The Few. The Proud. The (Harvard???) Marines
(See A. Pine, pp. 40-44, November 2007 Proceedings)
Owen West—Mr. Pine is mistaken when he writes that NROTC midshipmen are "as much at home at Harvard" as graduate students who served in the Marines. By focusing on business and political science graduate programs, bunkers of relative conservatism on campus, Mr. Pine missed the real story: the Harvard faculty's successful 40-year battle against undergraduate military participation.
I arrived at Harvard almost 20 years after ROTC's 1969 expulsion. We had to take a bus to MIT for military science classes that were often more rigorous than our Harvard courses. No credit was given. In 1988 there was so much anti-ROTC sentiment that a group of alumni founded the
Advocates for Harvard ROTC to shore up our cause.
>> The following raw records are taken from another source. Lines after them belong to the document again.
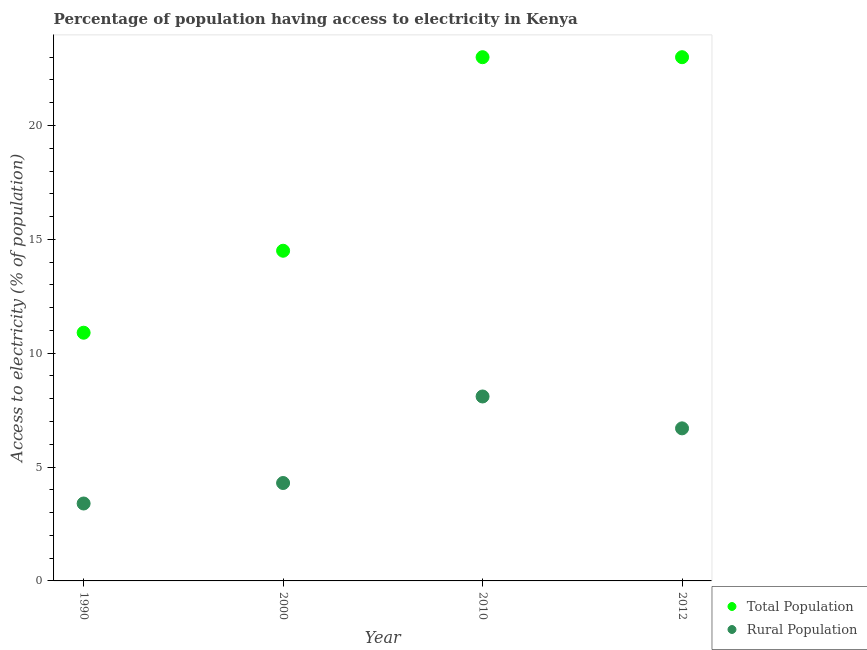
| Year | Total Population | Rural Population |
 | --- | --- | --- |
 | 1990 | 10.9 | 3.4 |
 | 2000 | 14.5 | 4.3 |
 | 2010 | 23 | 8.1 |
 | 2012 | 23 | 6.7 |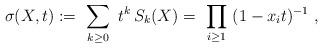
LaTeX: \begin{align*}\sigma(X,t) := \ \sum_{k\geq 0} \ t^k\, S_k(X)= \ \prod_{i\geq 1}\ (1-x_it)^{-1}\ ,\end{align*}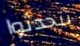
تتحدثوا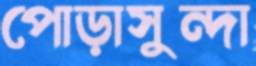
পোড়াসুন্দা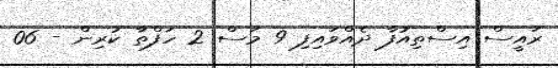
ރައީސް އިސްތިއުފާ ދެއްވައިފި 9 މަސް 2 ހަފްތާ ކުރިން - 06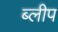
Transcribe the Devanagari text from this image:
ब्लीप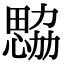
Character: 𢣢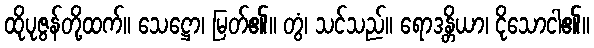
ထိုပုဇွန်တို့ထက်။ သေဋ္ဌော၊ မြတ်၏။ တွံ၊ သင်သည်။ ရောဒန္တိယာ၊ ငိုသောငါ၏။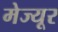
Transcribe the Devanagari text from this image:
मेज्यूर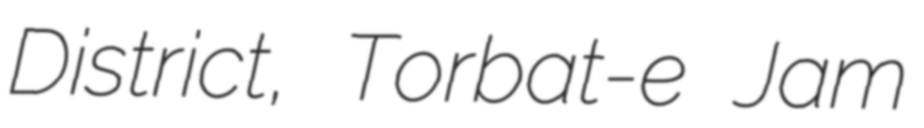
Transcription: District, Torbat-e Jam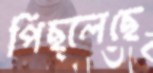
পিছ্‌লেছে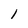
Character: 1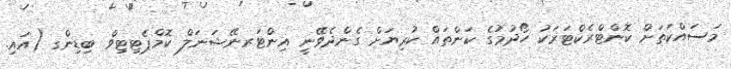
މަސައްކަތަށް ކޮންޓްރެކްޓަރަކު ހޯދުމުގެ ކަންތައް ކުރިޔަށް ގެންދެވޭނީ އިންޓަރނޭޝަނަލް ކޮމްޕެޓިޓިވް ބިޑިންގ (އައި.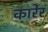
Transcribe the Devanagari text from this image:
कारेर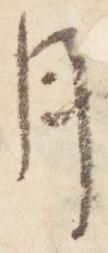
月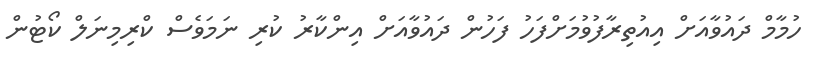
ހުމާމް ދައުވާއަށް އިއުތިރާފުވުމަށްފަހު ފަހުން ދައުވާއަށް އިންކާރު ކުރި ނަމަވެސް ކްރިމިނަލް ކޯޓުން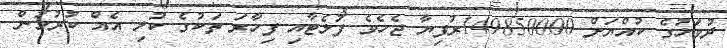
ދުވަހުގެ ކުއްޔަށް 149850000ރުފިޔާ ޖެހެވެ ފުލެޓާއި ފިހާރަ ތަކުގެ ކުލި އެއް ކުރުމުން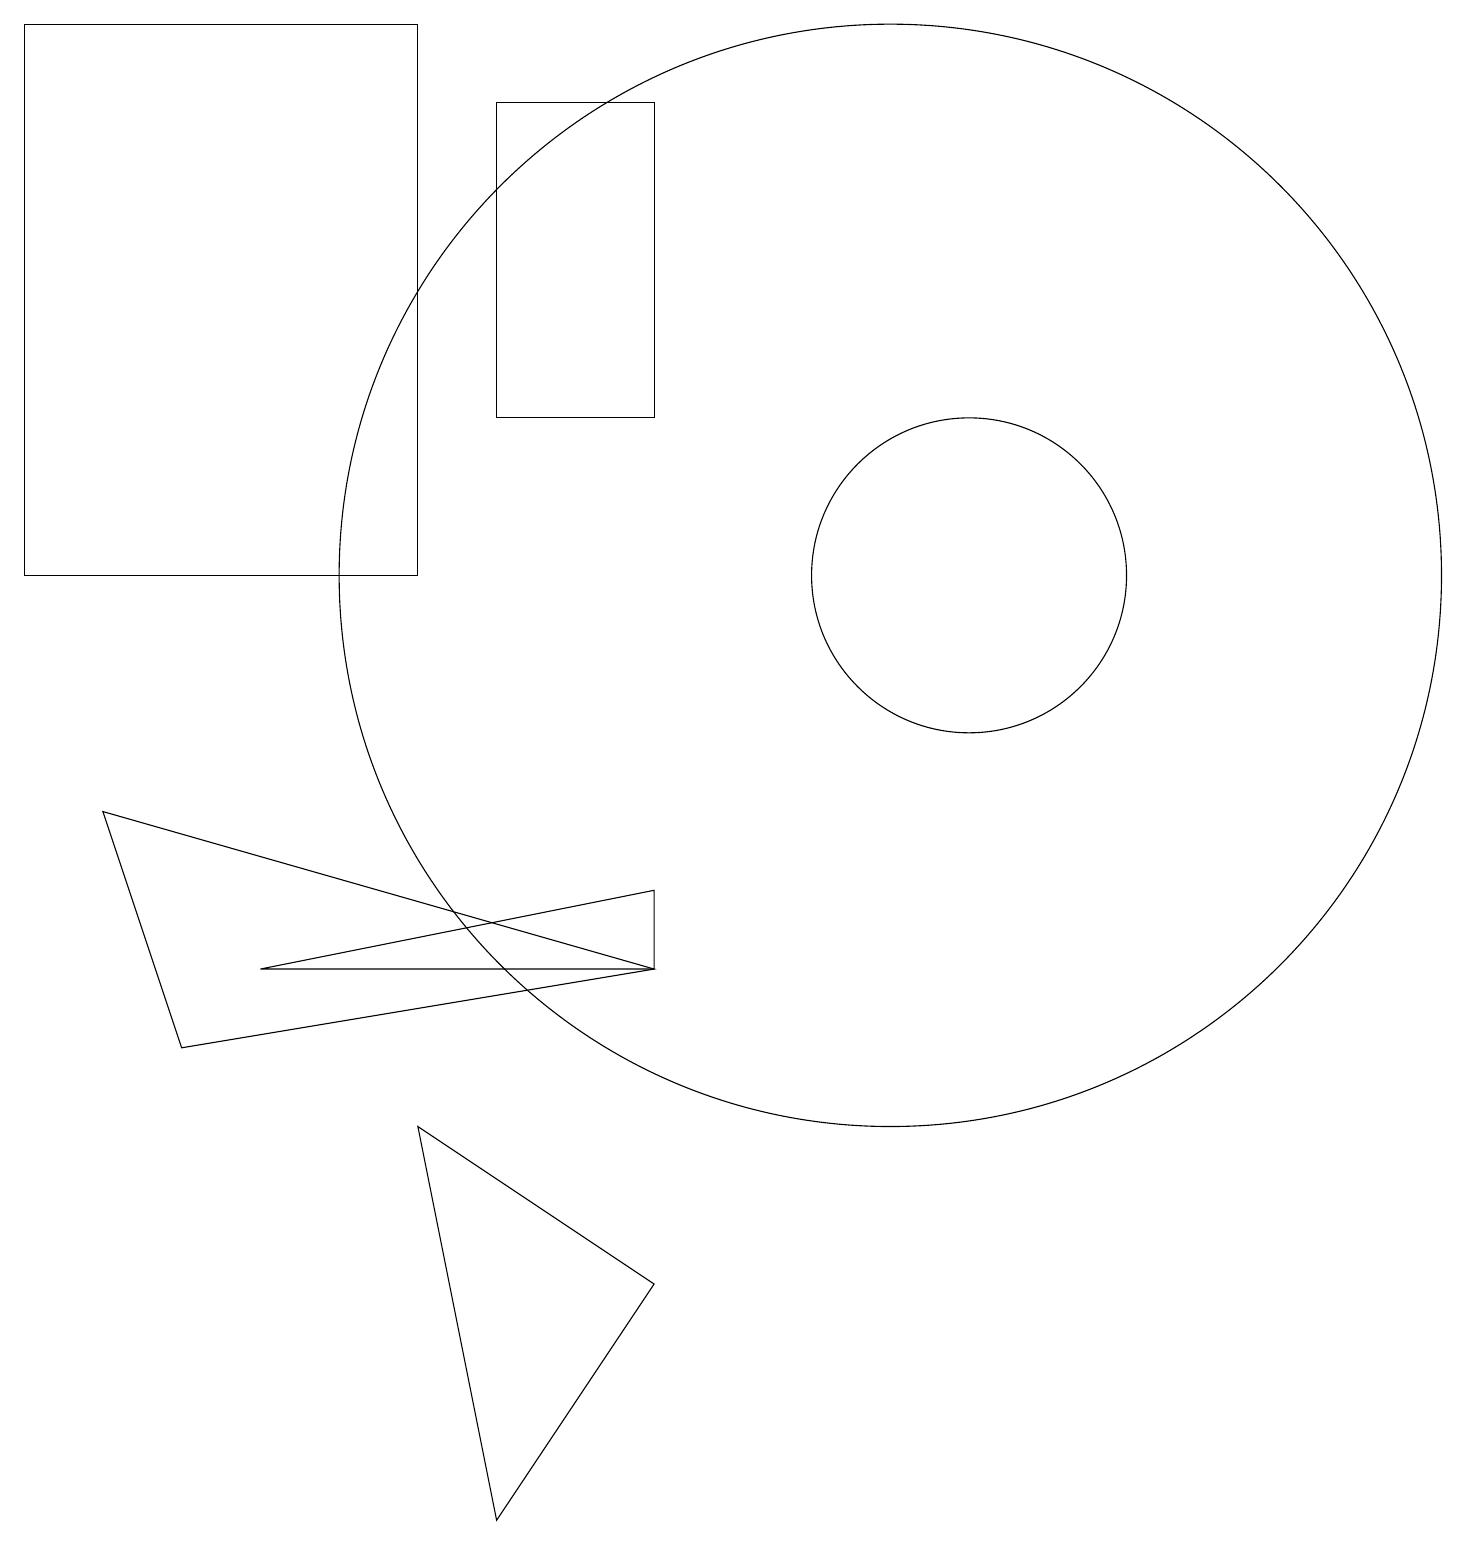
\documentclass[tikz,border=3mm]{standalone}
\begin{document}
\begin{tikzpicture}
\draw (11,12) circle (7);
\draw (8,7) -- (1,9) -- (2,6) -- cycle;
\draw (12,12) circle (2);
\draw (5,5) -- (6,0) -- (8,3) -- cycle;
\draw (5,19) rectangle (0,12);
\draw (8,14) rectangle (6,18);
\draw (8,8) -- (8,7) -- (3,7) -- cycle;
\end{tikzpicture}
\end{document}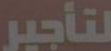
لتأجير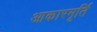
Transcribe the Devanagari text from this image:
आकारमूर्ति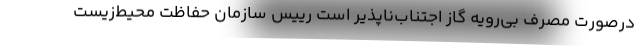
درصورت مصرف بی‌رویه گاز اجتناب‌ناپذیر است رییس سازمان حفاظت محیط‌زیست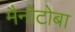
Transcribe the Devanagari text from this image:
मैनोटोबा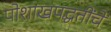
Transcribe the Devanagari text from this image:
पोशाखपद्धतींचे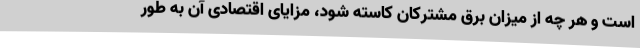
است و هر چه از میزان برق مشترکان کاسته شود، مزایای اقتصادی آن به طور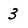
Character: 3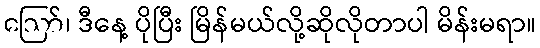
ဪ၊ ဒီနေ့ ပိုပြီး မြိန်မယ်လို့ဆိုလိုတာပါ မိန်းမရာ။

In 1990 the Faculty Council voted to sever all remaining ties to ROTC in two years and some professors suggested Harvard students be banned from participation altogether. In 1991 my roommate, who was also in ROTC, was asked to leave a classroom because he wore his uniform. In 1994 President Neil Rudenstine stopped paying the nominal fee Harvard sent to MIT to cover classroom overhead. It was a backdoor effort to wipe out ROTC, thwarted only by alumni who today pay MIT themselves. In 1996 the undergraduate council attempted to ban the ROTC commissioning ceremony from Harvard Yard.
My class commissioned ten Marine lieutenants, still the most to come out of Harvard since the 1960s. Nine selected combat arms, and the other became the communications officer for 1st Force Reconnaissance Company. On graduation day, neither outgoing president Derek Bok nor incoming president Rudenstine attended our commissioning ceremony. In 20 years, Bok refused to attend even one commissioning.
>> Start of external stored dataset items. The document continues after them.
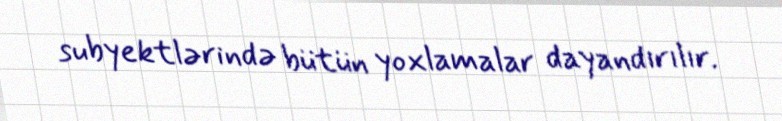
subyektlərində bütün yoxlamalar dayandırılır.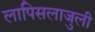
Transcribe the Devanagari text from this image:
लापिसलाजुली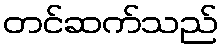
တင်ဆက်သည်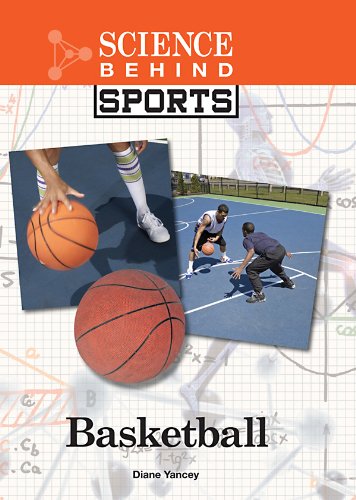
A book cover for Basketball (Science Behind Sports); Diane Yancey; Teen & Young Adult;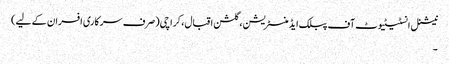
نیشنل انسٹیٹیوٹ آف پبلک ایڈمنسٹریشن، گلشن اقبال، کراچی(صرف سرکاری افسران کے لیے)
۔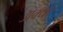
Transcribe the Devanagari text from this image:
अक्थर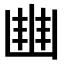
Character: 𠁳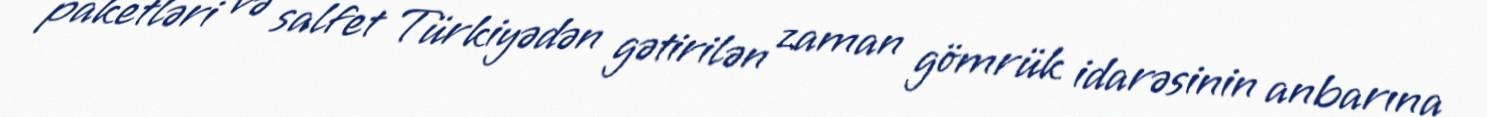
paketləri və salfet Türkiyədən gətirilən zaman gömrük idarəsinin anbarına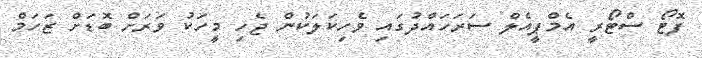
ފޮޓޯ ސްޓޯރީ އެމްޕީއެލް ސަރަހައްދުގައި ވެހިކަލަކުން ޖެހި މީހަކު ވަރަށް ބޮޑަށް ޒަހަމް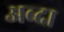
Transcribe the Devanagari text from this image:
अब्दा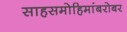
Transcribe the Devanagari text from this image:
साहसमोहिमांबरोबर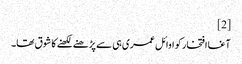
[2]
آغا افتخار کو اوائل عمری ہی سے پڑھنے لکھنے کا شوق تھا۔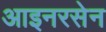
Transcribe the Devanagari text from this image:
आइनरसेन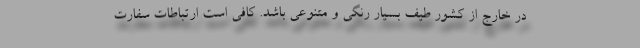
در خارج از کشور طیف بسیار رنگی و متنوعی باشد. کافی است ارتباطات سفارت

While we knew the professors and administrators were loath to be seen with us, we did look forward to a ceremony on the steps of Memorial Church, built in memory of the Harvard men who had died in battle. At the last minute we were forced into a dingy basement classroom by a forecast of rain, notwithstanding the Tercentenary Theatre's overhead tent covering. When we emerged as Marines, the sun was shining brightly. None of us will ever forget that treatment.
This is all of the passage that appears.